When I tried to actually use it, I ran into the reason why it’s built as an app – it has dependencies on a qt component resource that needs to be bundled with it (why it needs a graphical menu resource when it has no GUI of any kind is beyond me!). To fix this I copied the necessary parts into the apps and set up symlinks to the binaries:

cd wkhtmltopdf-qt
sudo cp -pr src/gui/mac/qt_menu.nib /bin/wkhtmltopdf.app/Contents/Resources
sudo cp -pr src/gui/mac/qt_menu.nib /bin/wkhtmltoimage.app/Contents/Resources
sudo ln -s /bin/wkhtmltopdf.app/Contents/MacOS/wkhtmltopdf /usr/local/bin
sudo ln -s /bin/wkhtmltoimage.app/Contents/MacOS/wkhtmltoimage /usr/local/bin

After this running wkhtmltopdf --version gives:

Name:
  wkhtmltopdf 0.10.0 rc2

License:
  Copyright (C) 2010 wkhtmltopdf/wkhtmltoimage Authors.

  License LGPLv3+: GNU Lesser General Public License version 3 or later
  . This is free software: you are free to
  change and redistribute it. There is NO WARRANTY, to the extent permitted by
  law.

Authors:
  Written by Jan Habermann, Christian Sciberras and Jakob Truelsen. Patches by
  Mehdi Abbad, Lyes Amazouz, Pascal Bach, Emmanuel Bouthenot, Benoit Garret and
  Mário Silva.

The version number string is wrong (it’s supposedly 0.11.0-rc1) and there’s a bug report for that. We can check we’ve built for the right architecture too:

file /usr/local/bin/wkhtmltopdf
/usr/local/bin/wkhtmltopdf: Mach-O 64-bit executable x86_64

Building the PHP extension

First I needed to copy the libs and include files somewhere the compiler would find them:

cd ..
sudo cp -r wkhtmltopdf-0.11.0_rc1/include/wkhtmltox /usr/local/include
sudo cp wkhtmltopdf-0.11.0_rc1/bin/libwkhtmltox.* /usr/local/lib

For some reason it was building for i386 (which is no use with a 64-bit lib), and specifying a host of x86_64 didn’t work – it builds, but produces a .a library instead of a .so shared object, claiming that libtool couldn’t make shared objects. A bit of rummaging led me to the correct host type for 10.7 which allowed it to link correctly.
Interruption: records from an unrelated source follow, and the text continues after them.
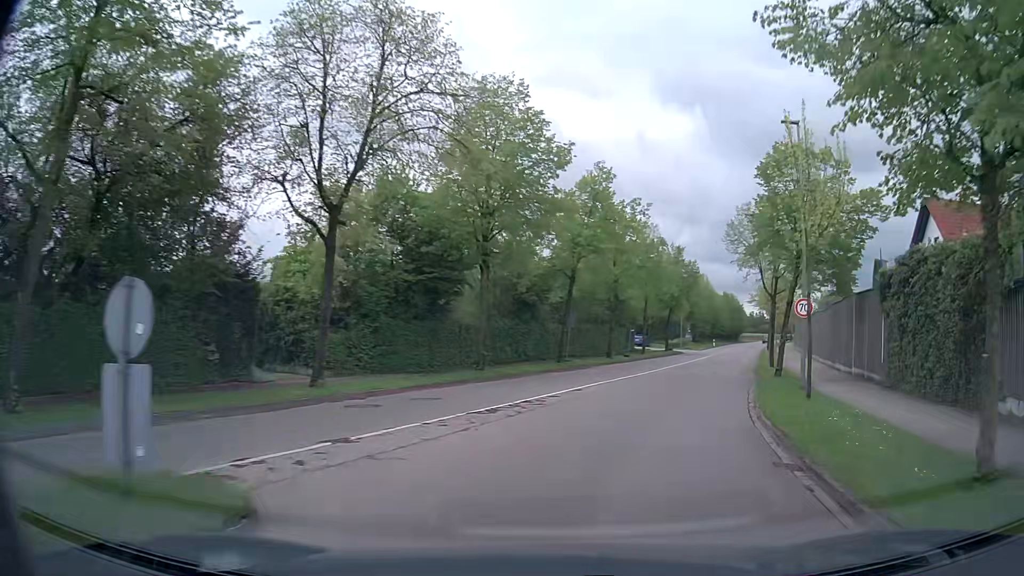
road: tertiary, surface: asphalt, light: Day
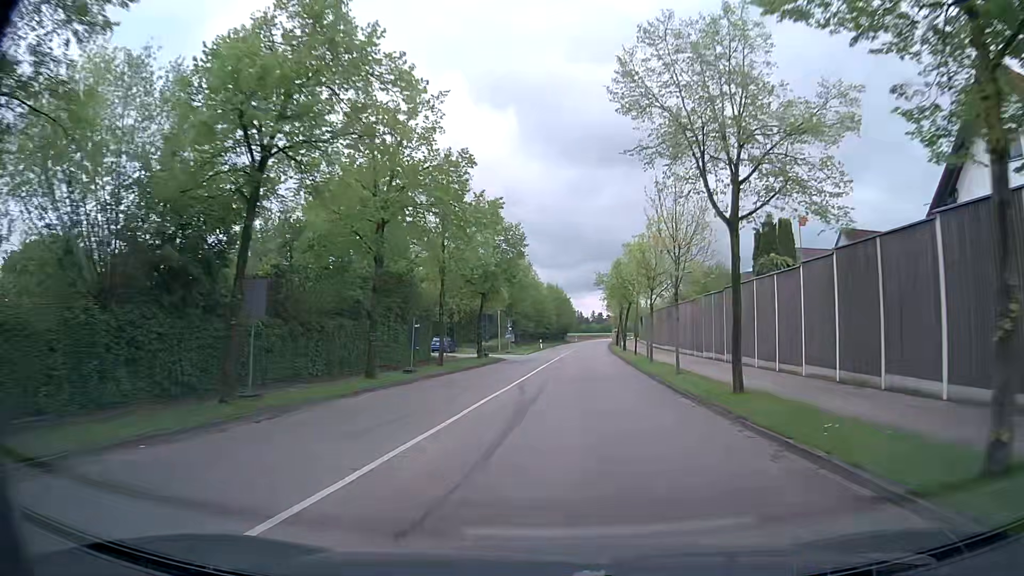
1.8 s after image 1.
(+3.7, +22.0) m; +16°
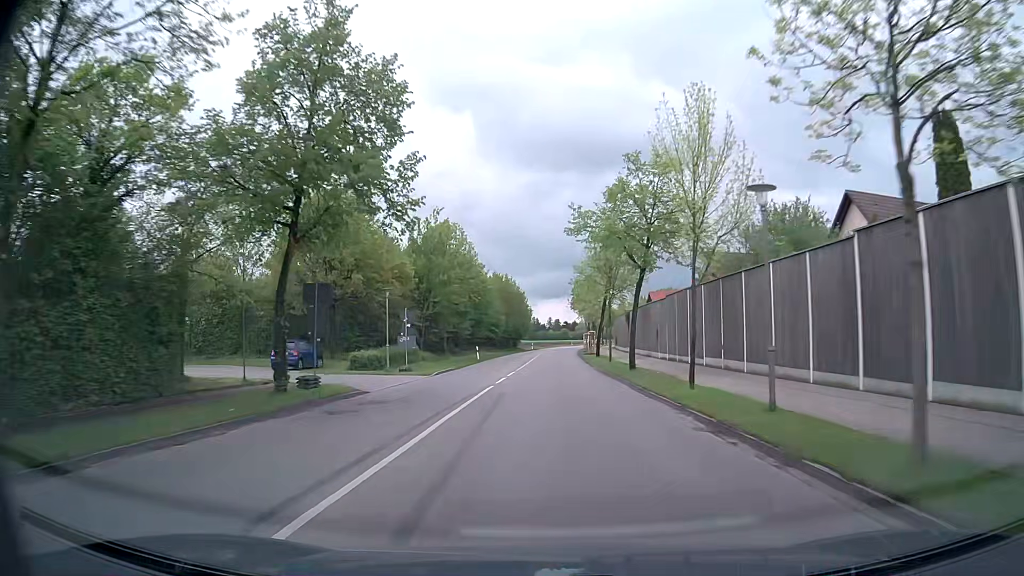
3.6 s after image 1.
(+1.1, +28.1) m; +3°
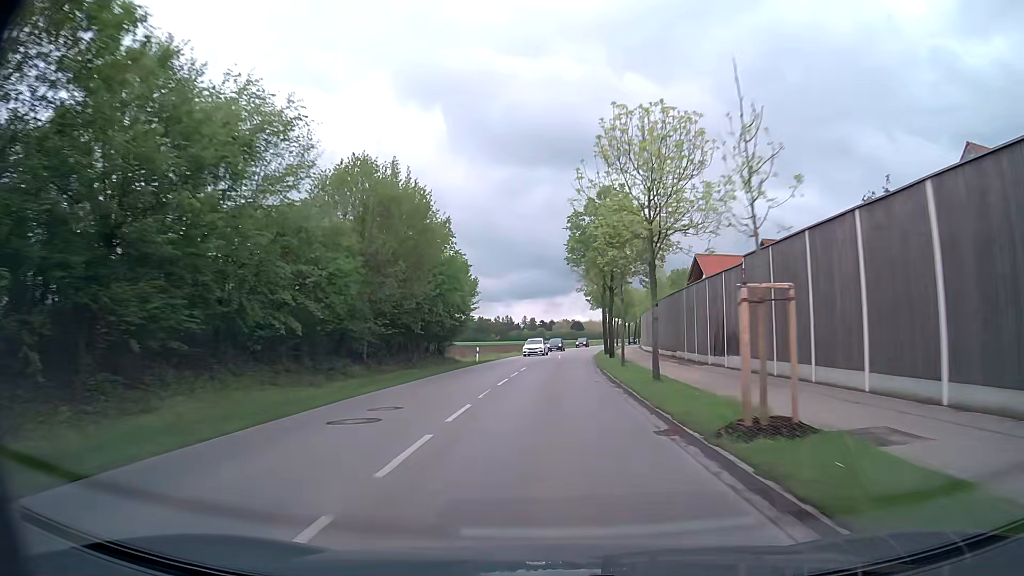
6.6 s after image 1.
(+1.0, +56.5) m; +2°
(0, +10) (0, +20) (0, +30) (+1, +40) (+2, +50) (+2, +60) (+3, +70) (+5, +80) (+6, +90) (+7, +100) m

git clone https://github.com/mreiferson/php-wkhtmltox.git
cd php-wkhtmltopdf
phpize
./configure --host=x86_64-apple-darwin11.4.0
make
make install

After that I added extension=phpwkhtmltox.so to an appropriate ini file and PHP then listed the extension in php -m output. There are a couple of test scripts included with the extension files, so I ran php test_pdf.php, which makes a bunch of test PDFs in /tmp, and all looks pretty good. Don’t forget to restart apache if you want it to show up in there too.
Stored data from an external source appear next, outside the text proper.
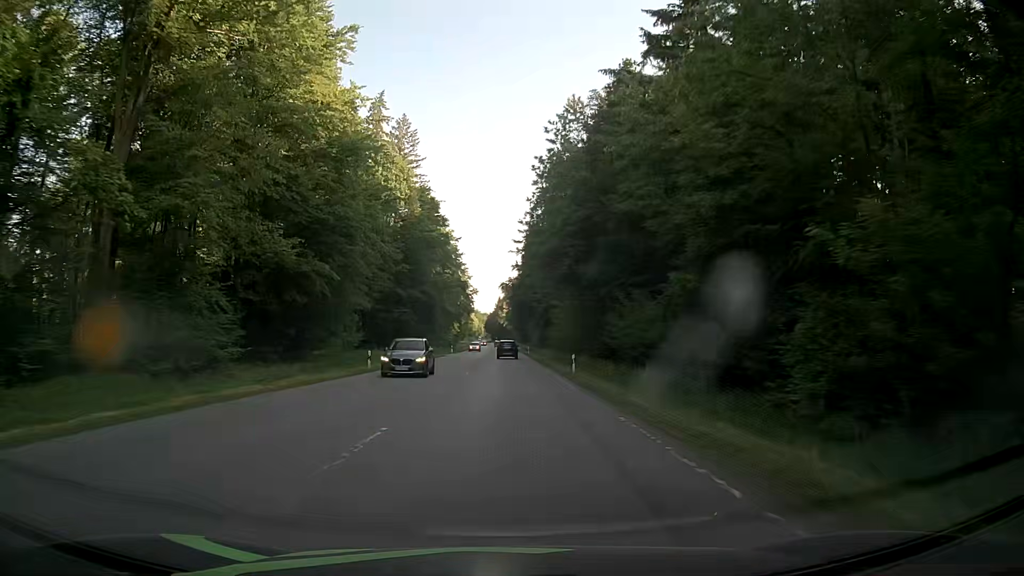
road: secondary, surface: asphalt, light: Day
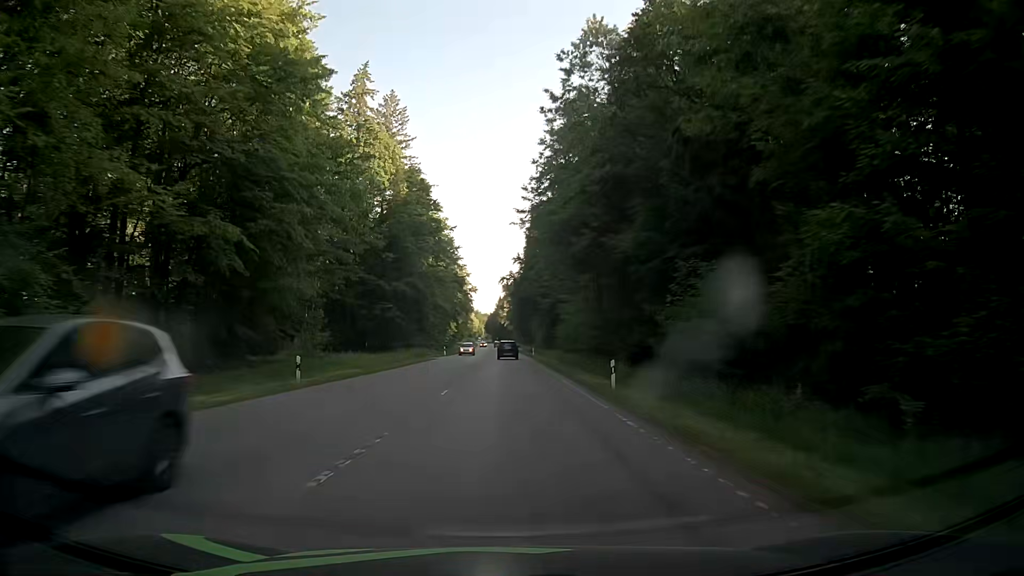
(0.0, +12.4) m; 0°
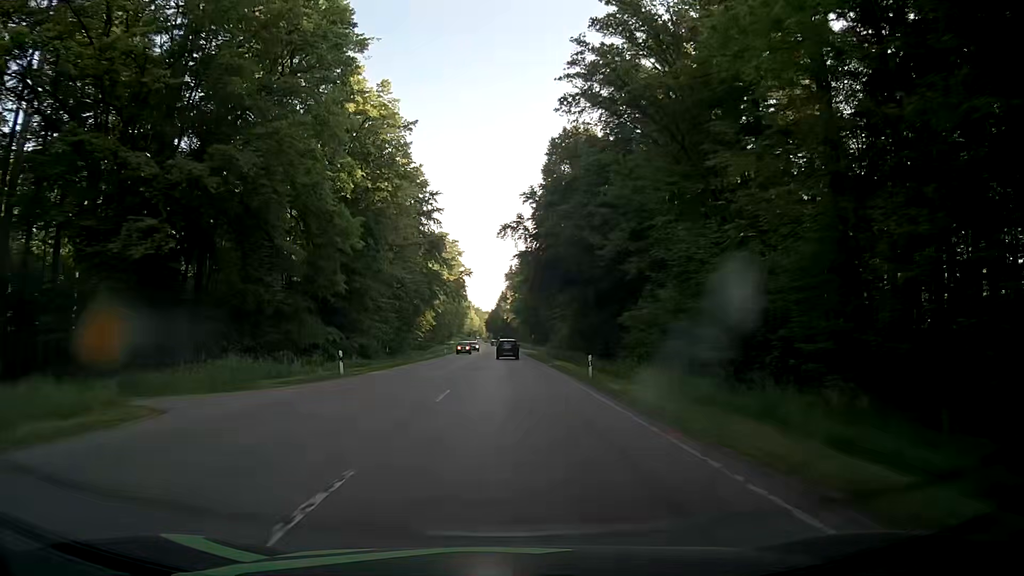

I hope someone finds this useful.

Update May 18th 2012

I repeated this build on my MacBook Air and ran into several issues, and one section that worked completely differently to my original, so I’ve updated the article with these changes.

Update June 9th 2012

Added notes about what using the custom Qt libs buys you.